_About this exercise_. Write the data out again, character for character, with no images.

_Stored dataset items_.
========
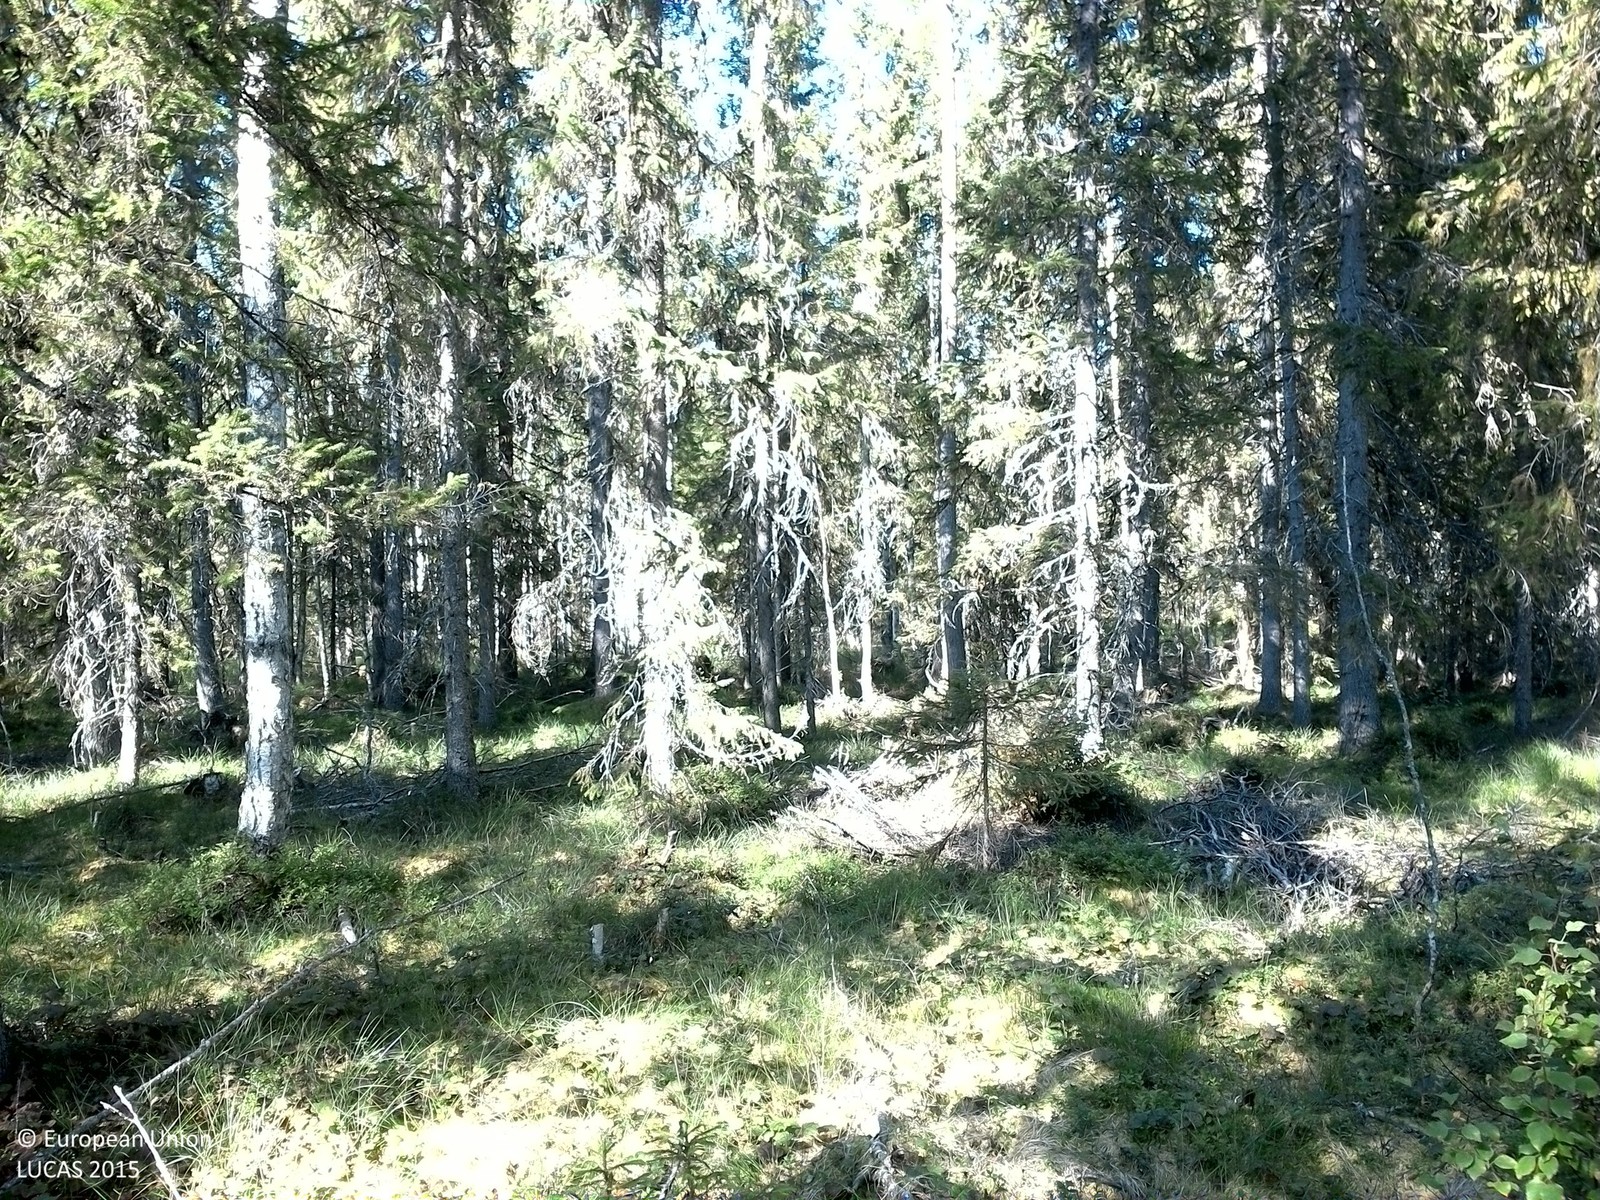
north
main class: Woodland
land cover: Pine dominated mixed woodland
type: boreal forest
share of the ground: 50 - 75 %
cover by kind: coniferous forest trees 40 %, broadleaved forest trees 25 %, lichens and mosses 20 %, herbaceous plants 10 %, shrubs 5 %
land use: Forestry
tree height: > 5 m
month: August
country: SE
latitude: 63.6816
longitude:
========
_Completed task_.
north
main class: Woodland
land cover: Pine dominated mixed woodland
type: boreal forest
share of the ground: 50 - 75 %
cover by kind: coniferous forest trees 40 %, broadleaved forest trees 25 %, lichens and mosses 20 %, herbaceous plants 10 %, shrubs 5 %
land use: Forestry
tree height: > 5 m
month: August
country: SE
latitude: 63.6816
longitude:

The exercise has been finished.